Assignment:
Find each line of the entries with the string "share", please, and copy it.

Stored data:
________

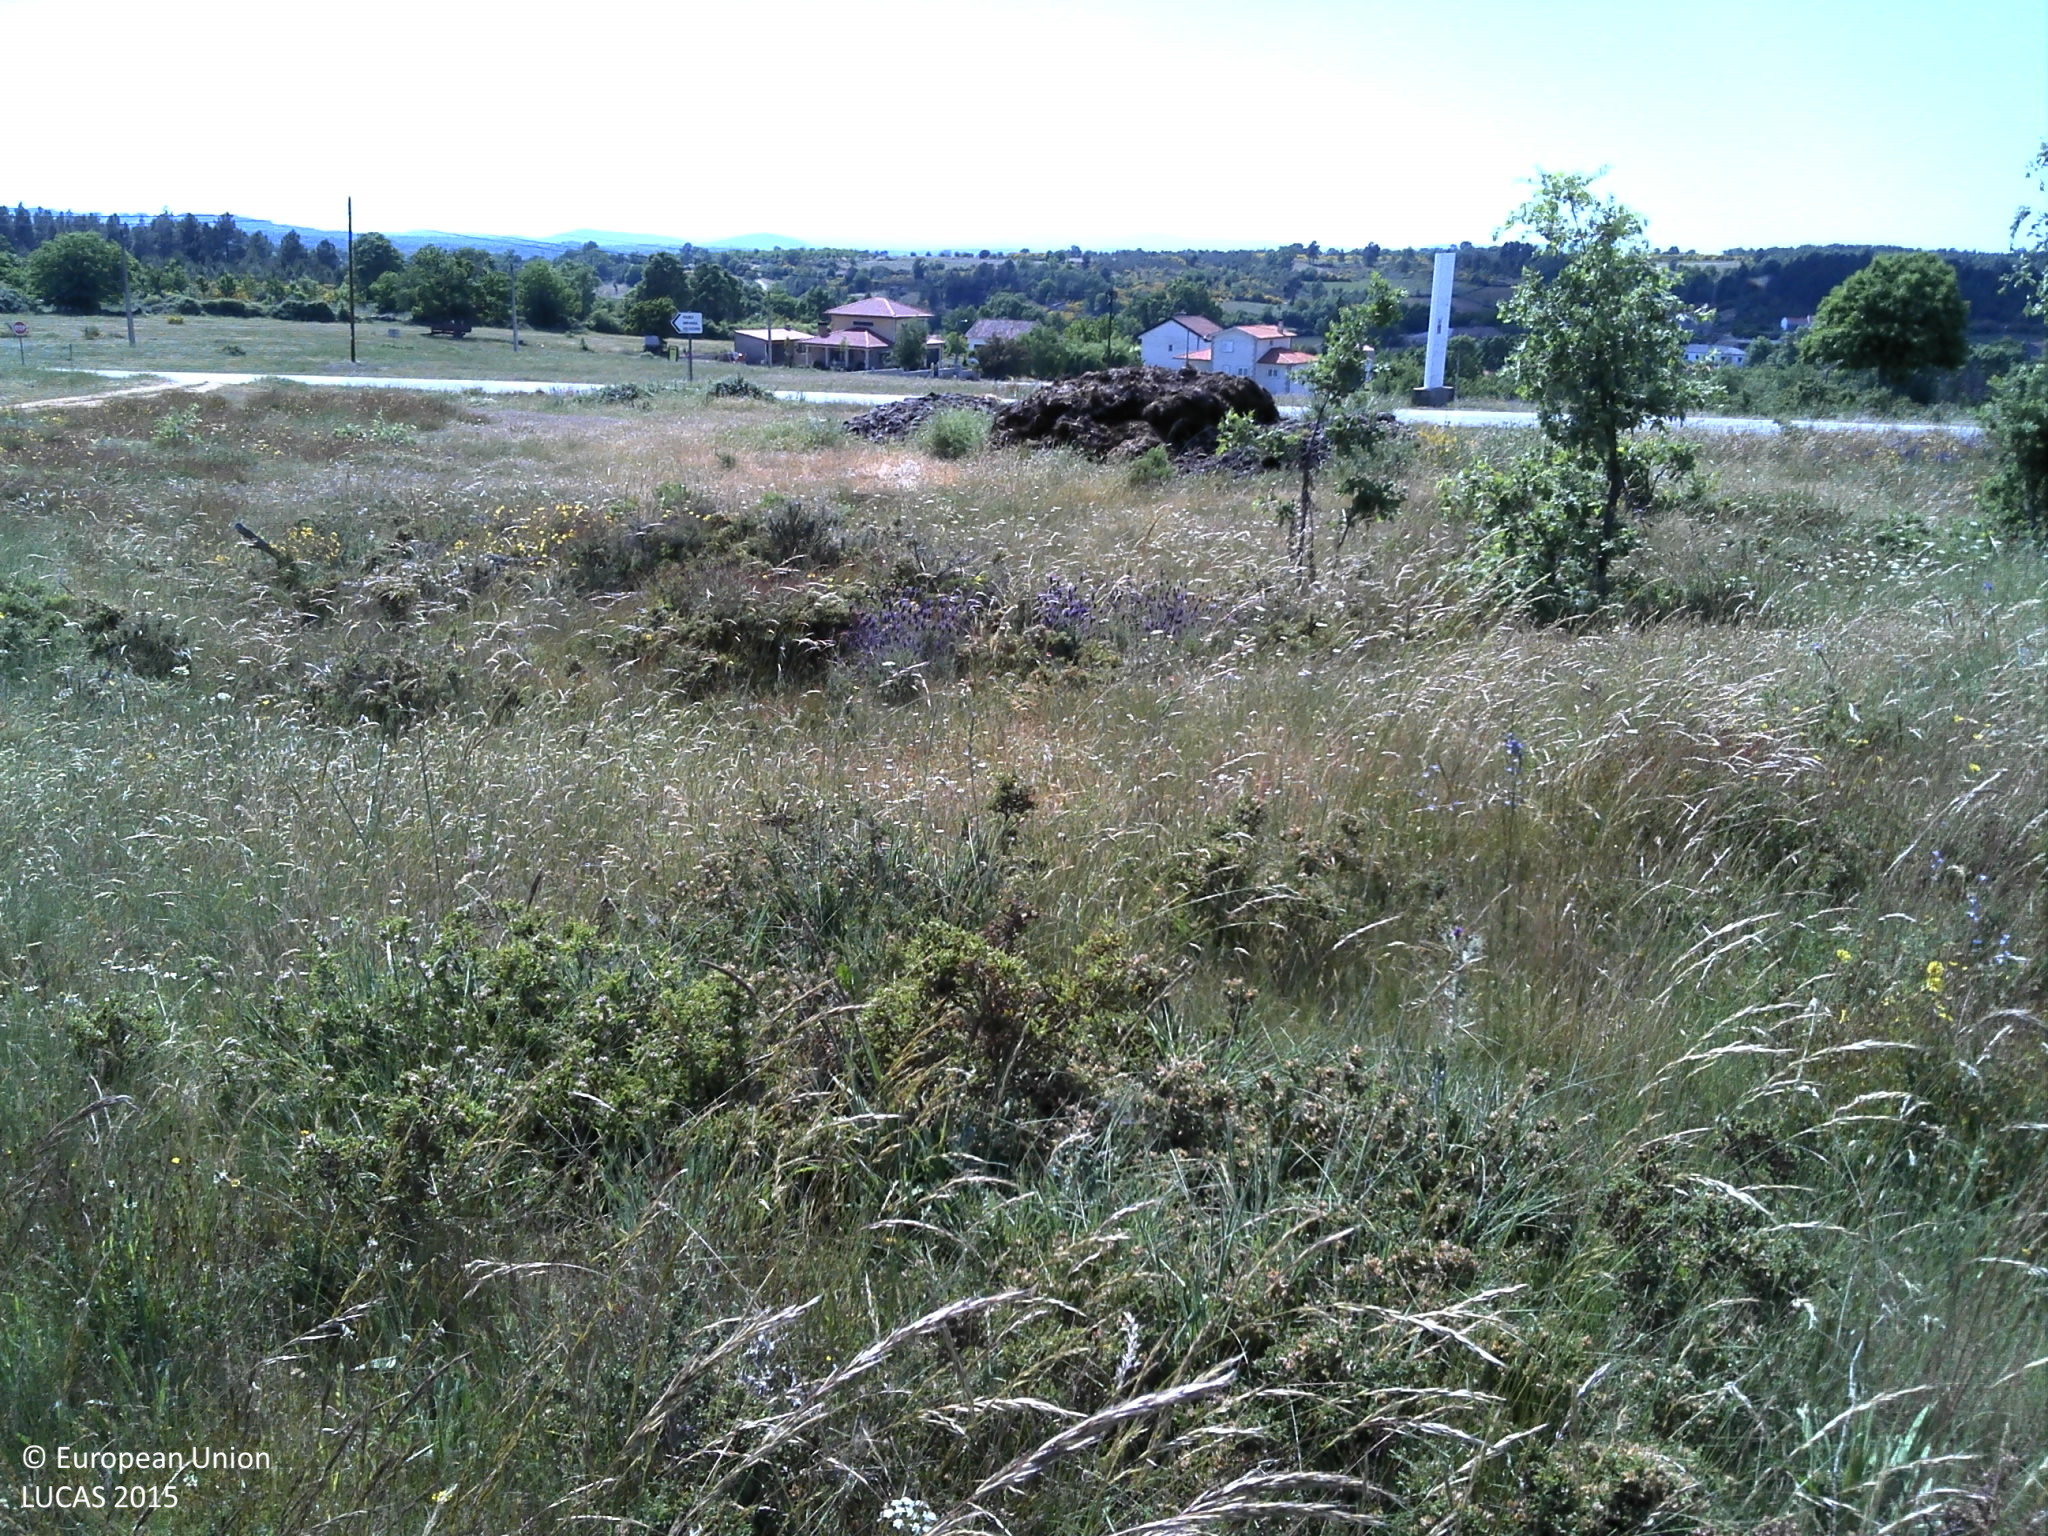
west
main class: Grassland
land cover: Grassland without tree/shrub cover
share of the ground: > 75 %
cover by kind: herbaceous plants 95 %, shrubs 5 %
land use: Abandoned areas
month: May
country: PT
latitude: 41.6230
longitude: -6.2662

________

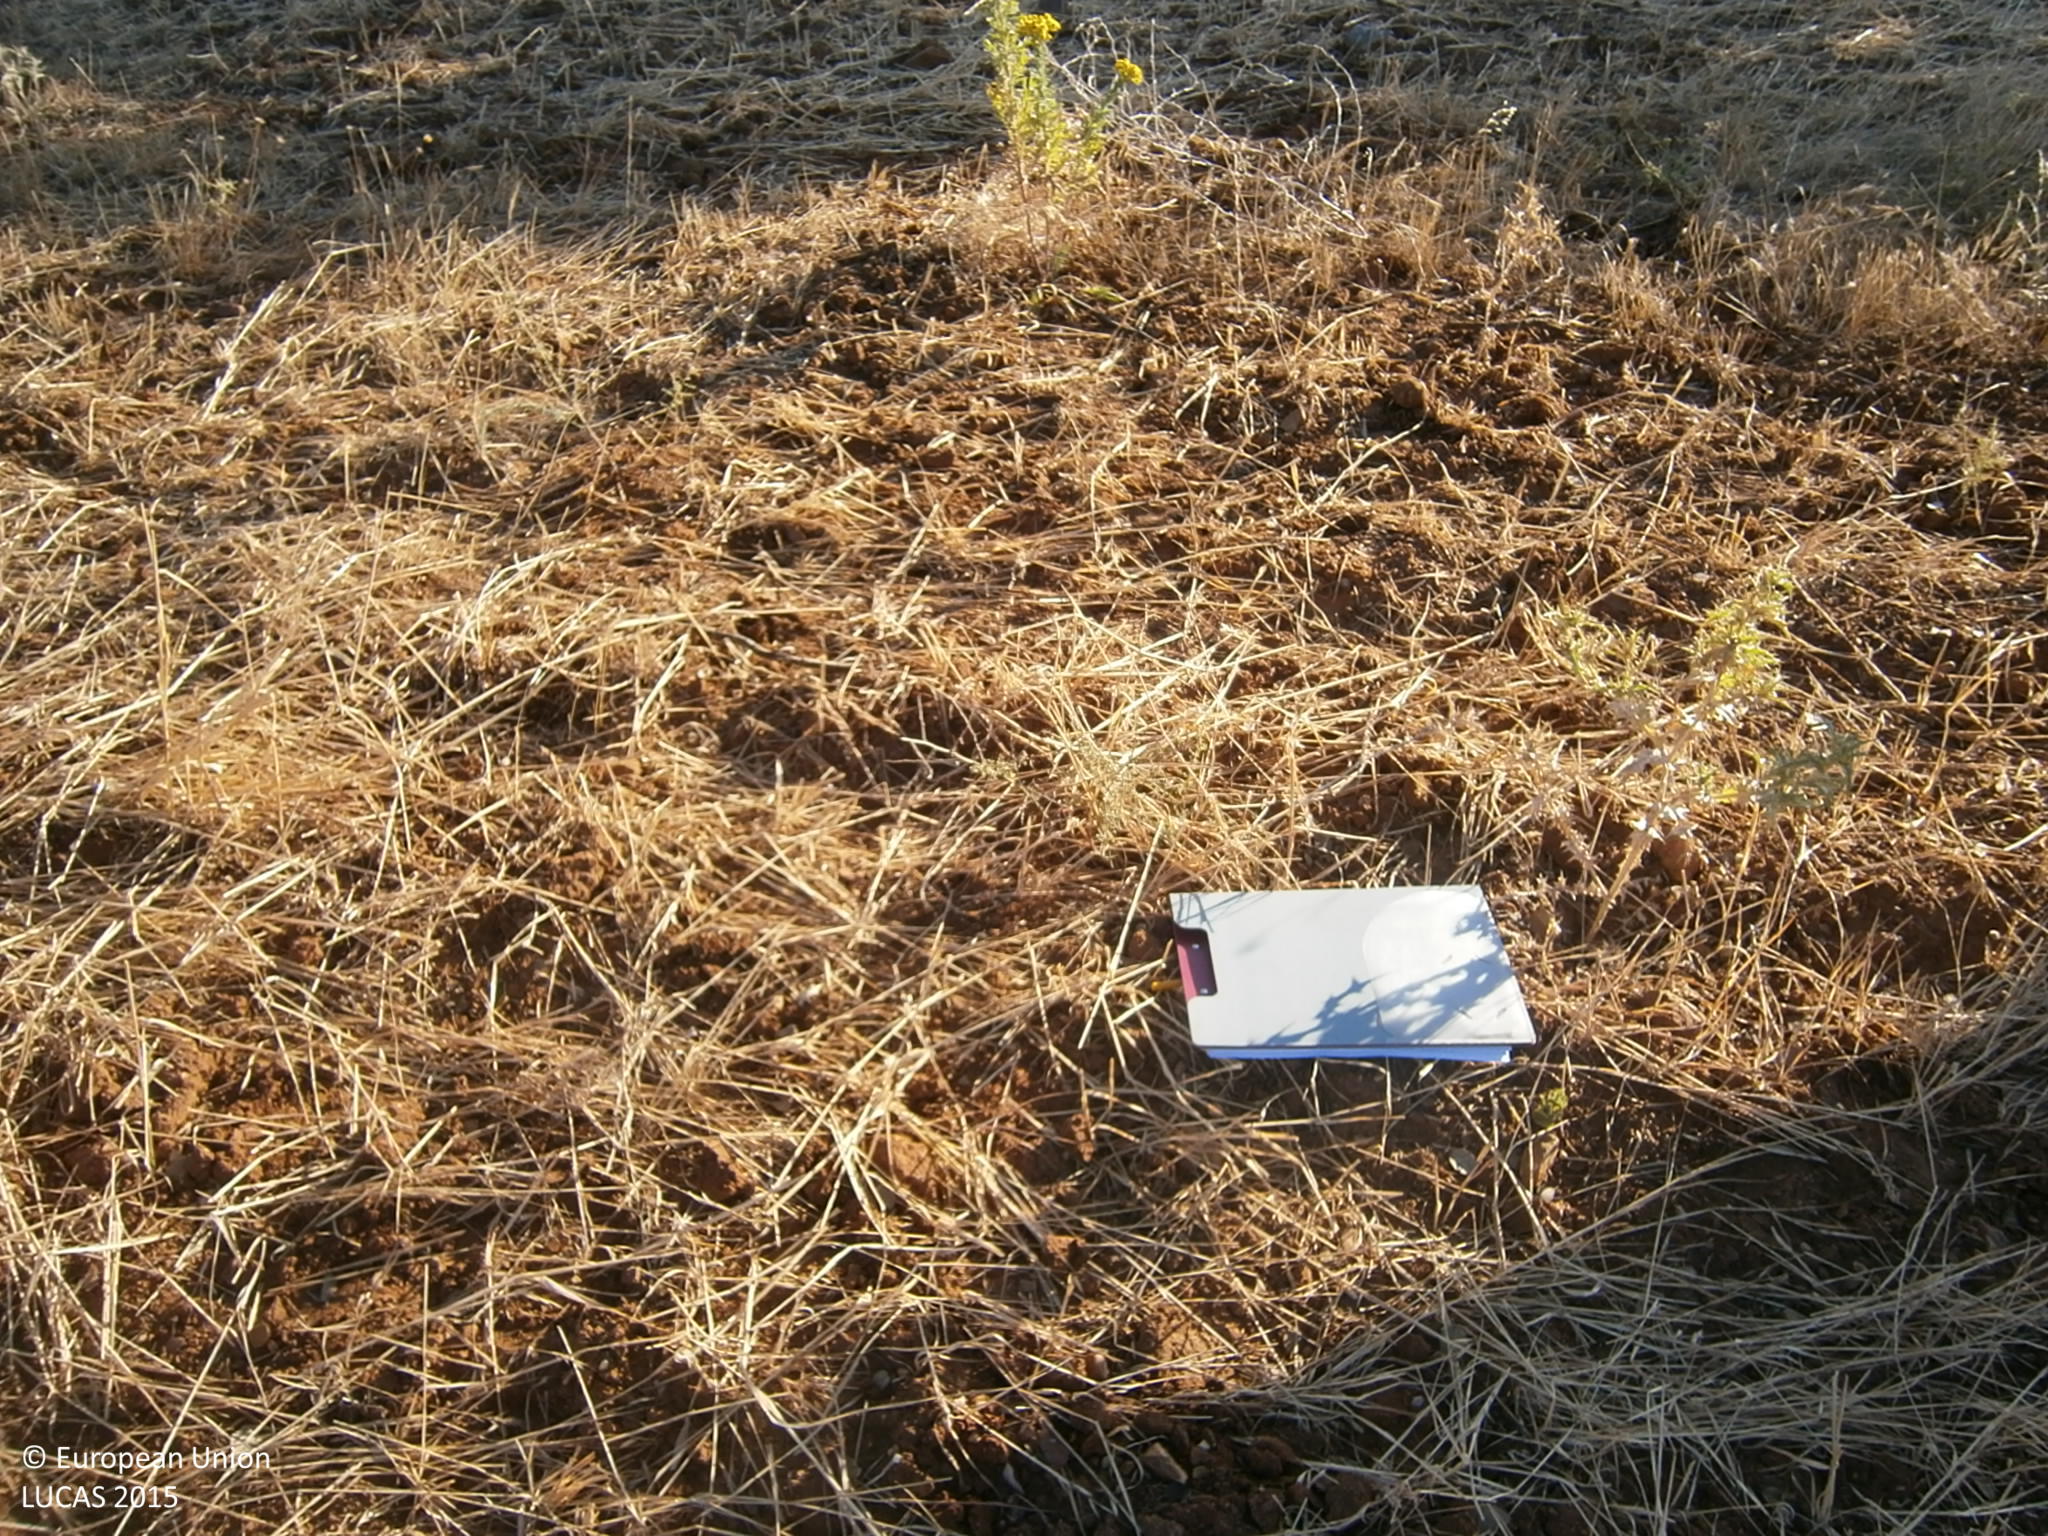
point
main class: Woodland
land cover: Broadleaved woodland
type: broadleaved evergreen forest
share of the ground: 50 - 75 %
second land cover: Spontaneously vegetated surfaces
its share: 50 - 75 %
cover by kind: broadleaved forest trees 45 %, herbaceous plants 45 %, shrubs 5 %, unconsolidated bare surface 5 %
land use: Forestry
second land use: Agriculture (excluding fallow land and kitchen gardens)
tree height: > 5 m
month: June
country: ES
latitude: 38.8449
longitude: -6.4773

________

Solution:
share of the ground: > 75 %
share of the ground: 50 - 75 %
its share: 50 - 75 %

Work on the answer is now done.